I tried building a kernel using the latest 2.4.16 source, and there was a
promising lead: the char device with major/minor 10/183 could not be found at
boot time. Turns out this is the real-time clock, and when I enabled RTC in
the configuration this boot error message went away. Unfortunately, this did
not fix the clock problem. It is now 12AM, yet the clock on my PC shows 3PM
after sitting idle all day.
It would be helpful if I can find the source tree and configs used by Red Hat.
You are probably talking about the kernel-2.4.X-Y.src.rpm; there also is a
kernel-source-2.4.X-Y.i386.rpm ! that one puts the full source in
/usr/src/linux-2.4 and the configs in the configs subdirectory of that
I tried the original Red Hat 7.2 kernel again. I let it run all day today, and
again my clock is behind (by 2 hours), so finding the kernel source is not
going to help.

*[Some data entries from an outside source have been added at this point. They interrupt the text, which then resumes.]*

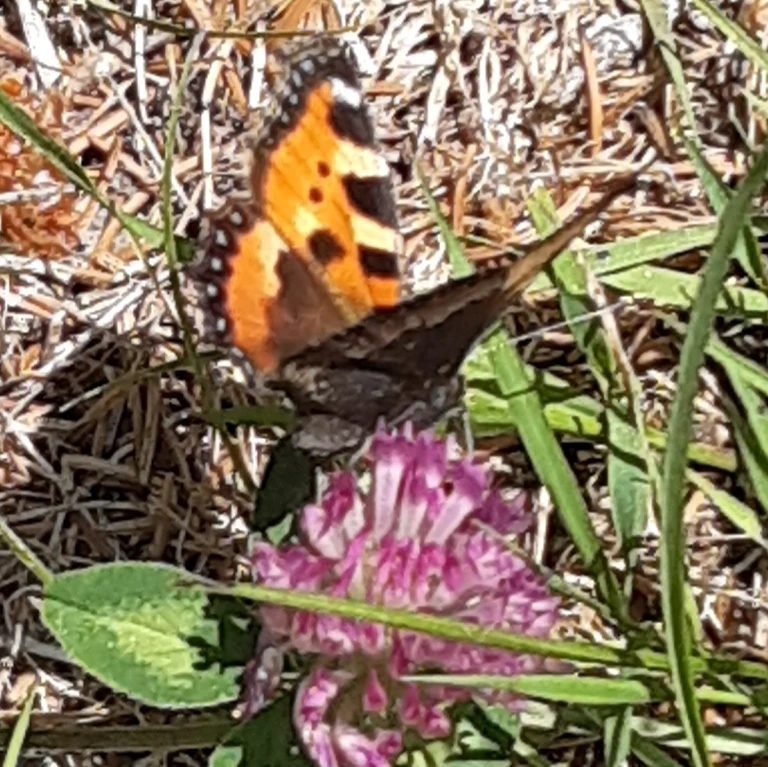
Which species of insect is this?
Aglais urticae
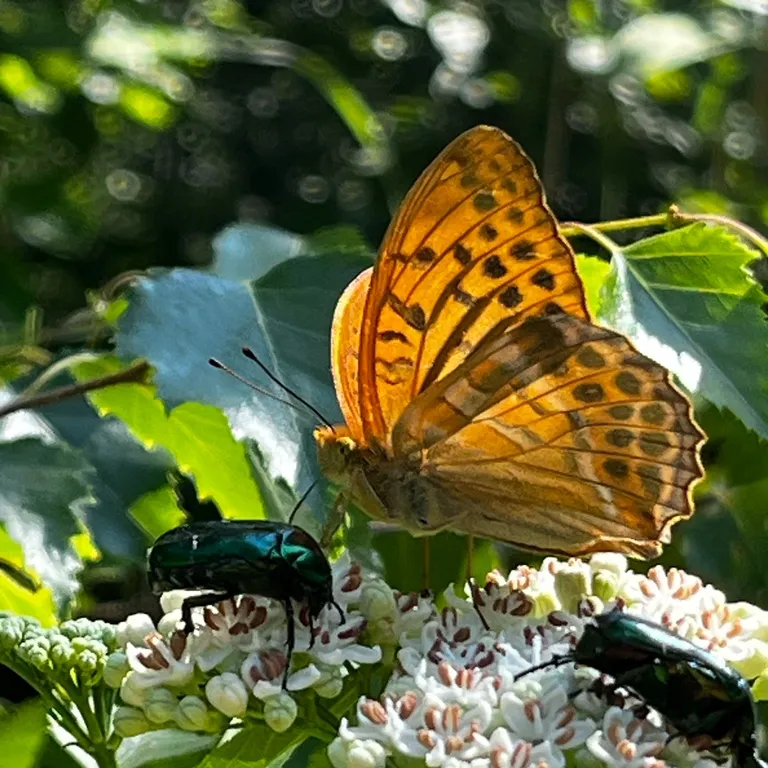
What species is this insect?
Argynnis paphia
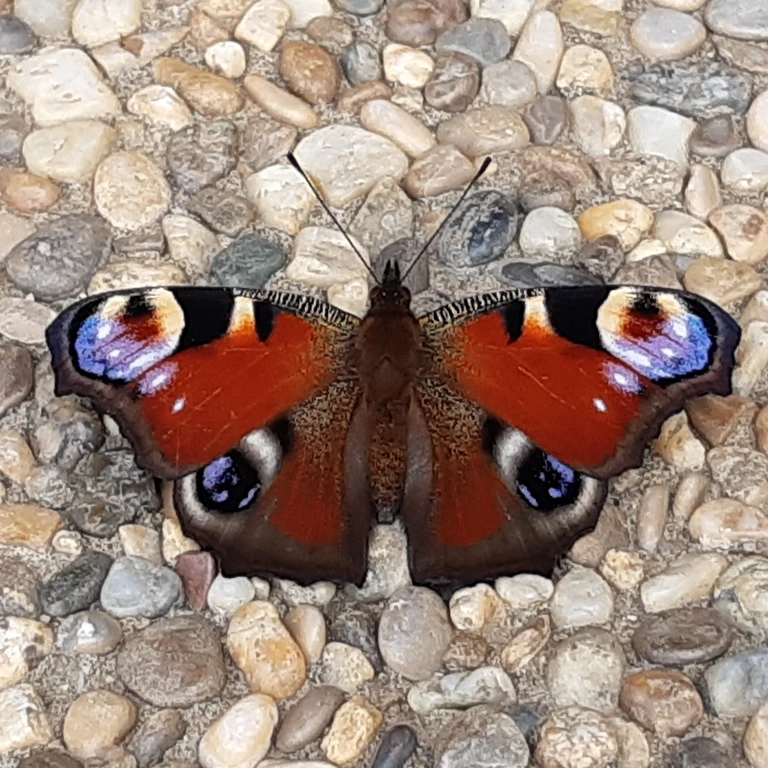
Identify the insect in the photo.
Aglais io
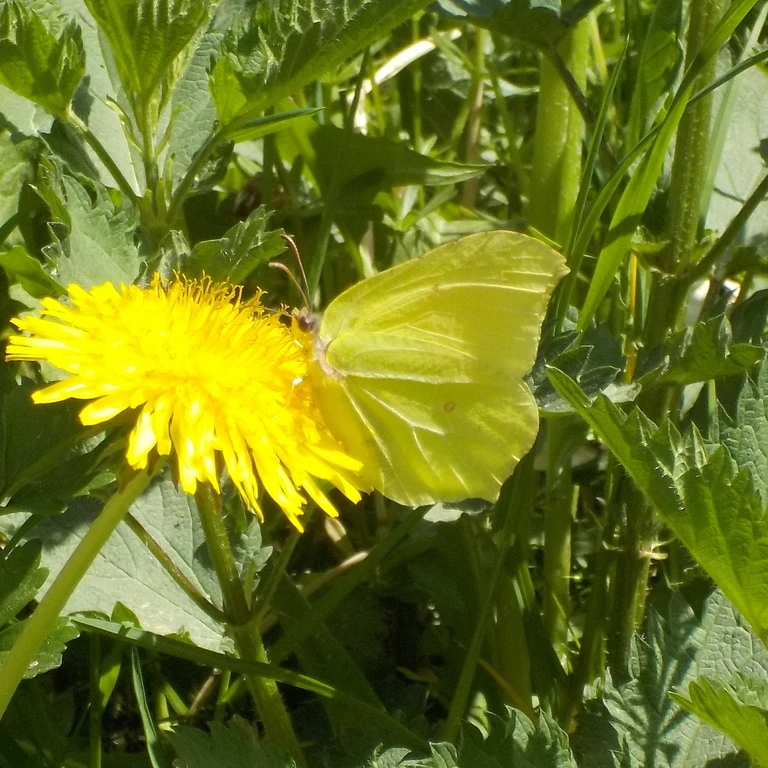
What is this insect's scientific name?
Gonepteryx rhamni
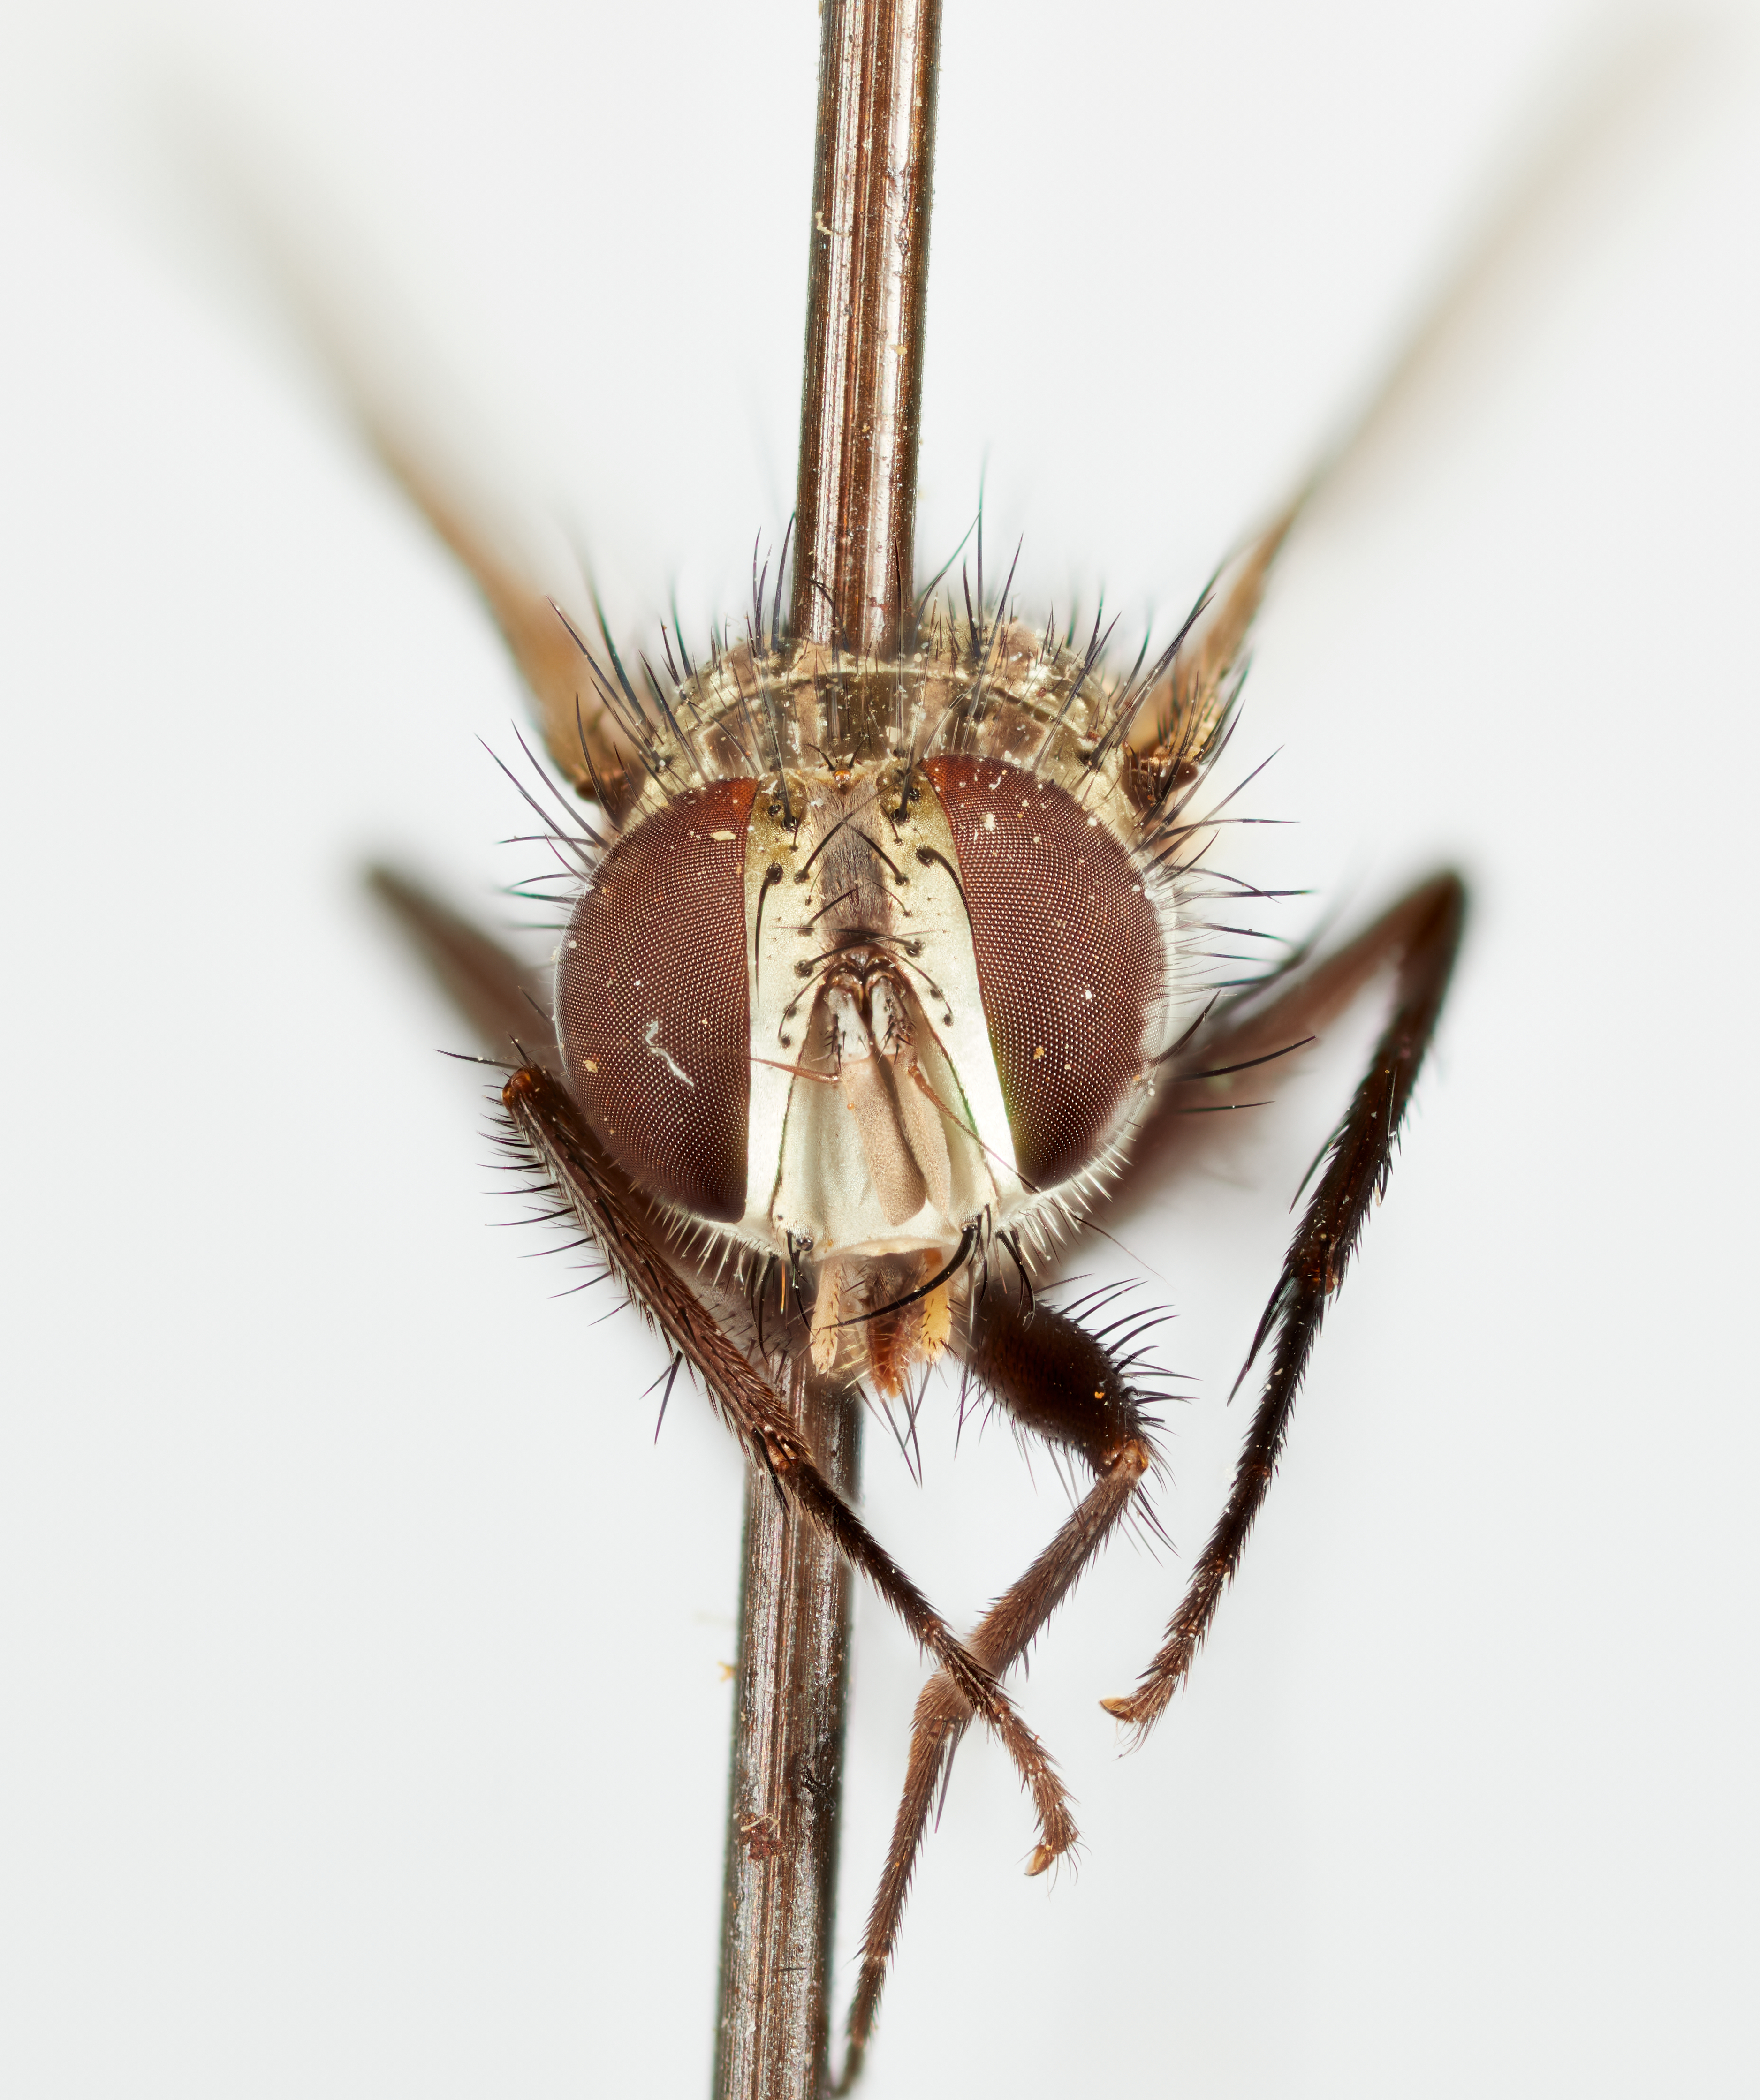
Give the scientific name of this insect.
Pygophorinia peruviana

My PC keeps the right time only when I run Windows!
To reset the time I run netdate, and when I do this my screen blanks (seems
to go into sleep mode). I have to hit a key to wake it up, and at that point
the time has been correctly set by netdate. Another strange behavior when I
run the original kernel is that my PPP dialup connection is always dropped
after a while, yet it stays up when I run kernel 2.4.16! (It stays up
because I use 'lcp-echo-interval 60' in my /etc/ppp/options file, but this
does not seem to have any effect when I run the RH 7.2 kernel!)
I have the resolution, but I would not call this "NOTABUG". The man page for
hwclock explains that there are two clocks, the CMOS (or hardware) clock and
the software (interrupt driven) clock maintained by Linux (initialized from
the hardware clock at boot time). The problems described above were caused by
the fact that in my BIOS I had "SUSPEND AFTER 20 MINS" turned on. This does not
cause any problems for Windows 2000, but it does for Linux. Looks like when
the machine goes into SUSPEND mode the Linux clock runs slow (or stops?).
Note that the hardware clock itself does not run slow, and the Linux software
clock can be fixed with /sbin/hwclock --hctosys. Running this command when the
clock is slow will put the monitor to sleep because it thinks it has been idle
for a long time.
The work-around is to turn off SUSPEND mode completely in the BIOS.